AH : En quelques mots, quel est le message qu’il véhicule ?

AD : La ligne directrice des principes qui sont exposés, comme le préconise le Conseil de la langue, est de donner davantage de visibilité aux femmes dans la langue uniquement quand c’est utile, et en ne mettant pas à mal la lisibilité des textes. D'où le titre que nous avons choisi : « Inclure sans exclure. » Vouloir donner plus de visibilité aux femmes, c'est bien, mais il ne faut pas le faire en produisant des textes plus complexes, moins accessibles, qui éloignent encore le versant écrit de la langue de son versant oral.  

AH : Concrètement, quels sont les procédés à utiliser pour servir cet objectif ? 

AD : Je dirais que le premier d'entre eux, qui est sans doute le plus accessible et le plus évident, c'est d'utiliser le féminin quand on parle d'une femme. On parlera donc d'une chirurgienne, d'une auteure, de la pharmacienne ou de Madame l'Ambassadrice (plutôt que de Mme l'Ambassadeur), qui est désormais celle qui pratique ce métier et plus l'épouse du pharmacien ou de l'ambassadeur, comme on le disait jadis. Fort heureusement, cette pratique est déjà courante dans l'usage et contribue vraiment à augmenter la visibilité des femmes. Par ailleurs, l'utilisation de la forme féminine, existante dans la langue, est d'autant plus importante lorsqu'on évoque certaines catégories socioprofessionnelles qui renvoient, dans la représentation qu'on en a, davantage à des hommes. Ainsi, dire « le Premier ministre belge a donné une conférence de presse » il y a quelques mois en parlant de Sophie Wilmès aurait donné une représentation fausse de la réalité, car dans l'image collective, LE PremiER ministre est un homme. Le système linguistique du français permet et prévoit la féminisation des noms, il faut donc l'utiliser :  nous avons eu UNE PremiÈRE ministre. 

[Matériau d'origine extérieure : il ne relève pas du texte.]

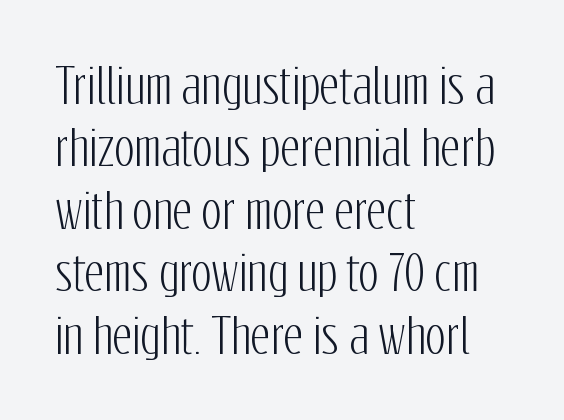
The image shows 48 px condensed sans-serif type, upright; set left-aligned, normal line spacing (1.3x), normal letter spacing, not underlined; low stroke contrast and a medium x-height.
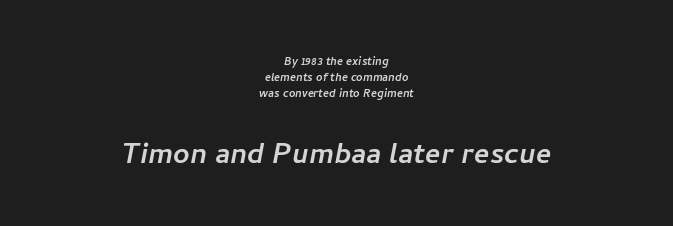
These lines keep a tight, regular rhythm from letter to letter. The composition opens small and finishes big. The passage shown is typed in a proportional face where columns would drift. Neither beginnings nor endings align; midpoints do.
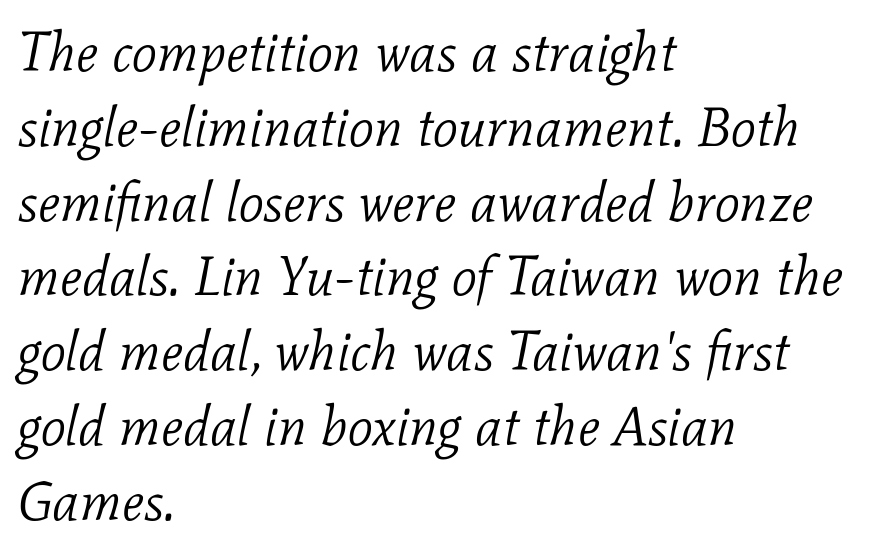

AH : Les partisans de l’écriture inclusive mettent également en avant d'autres procédés possibles, pour lesquels vous émettez quelques réserves ...

AD : En effet. Tout d'abord, précisons que ces procédés ne se résument pas aux seuls éléments graphiques (points médians, parenthèses et autres abréviations) auxquels l'écriture inclusive est souvent associée. Il faut notamment y inclure le dédoublement, l'utilisation de mots épicènes ou de collectifs. Avant d'y recourir, le locuteur devrait toujours se poser la question de la lisibilité des textes : restent-ils déchiffrables, oralisables et donc intelligibles pour le plus grand nombre ? En outre, il faut aussi se demander si tel ou tel procédé contribue vraiment à une plus grande visibilité des femmes, ce qui n'est pas toujours le cas. 

Prenons le dédoublement, qui consiste à mentionner systématiquement l'équivalent féminin pour accompagner le masculin. Dans l'exemple « les enseignants et les enseignantes seront en congé la semaine prochaine », comme dans beaucoup d'autres, mentionner le masculin et le féminin est superflu, car c'est évident ! Personne ne doutera que tous les enseignants, hommes et femmes, seront en congé. De la même façon, un médecin qui parle de ses « patients » n’exclut évidemment pas les femmes ! L'adoption systématique de ce procédé revient par ailleurs à nier une caractéristique fondamentale du masculin en français qui, à la différence du féminin, est inclusif. Dans la phrase « les Américains ont élu leur nouveau Président », nul doute, en 2020, que le syntagme « les Américains » inclut les citoyennes américaines. De même, pour « les voyageurs à destination de Paris sont priés de se rendre au quai n°8 », il est clair que les voyageuses sont concernées également. Ajoutons à cela qu'un recours systématique à ce procédé de dédoublement rendrait les textes très lourds, indigestes. Il ne faut donc pas le généraliser. 

Une autre « solution » dite inclusive consiste à utiliser des mots épicènes (qui ont la même forme au masculin et au féminin) : parler des « profs » au lieu des « enseignants », par exemple, ou encore des « scientifiques », plutôt que de « experts » (deux mots qui ne renvoient cependant pas la même réalité, il faut donc être prudent). Dans le même ordre d'idée, évoquons le recours aux collectifs, qui sont supposés englober le masculin et le féminin : « la clientèle » pour « les clients », « le lectorat » pour « les lecteurs », etc. Il s'agit de procédés plus économiques, c'est vrai, mais qui ne rendent toutefois pas les femmes plus présentes dans la langue. Par ailleurs, ils peuvent impliquer des glissements/changements de sens, car l'épicène ou le collectif ne recouvrent pas toujours les mêmes réalités que leurs équivalents masculins et féminins : « la population migrante » est une notion nettement plus abstraite que « les migrants ».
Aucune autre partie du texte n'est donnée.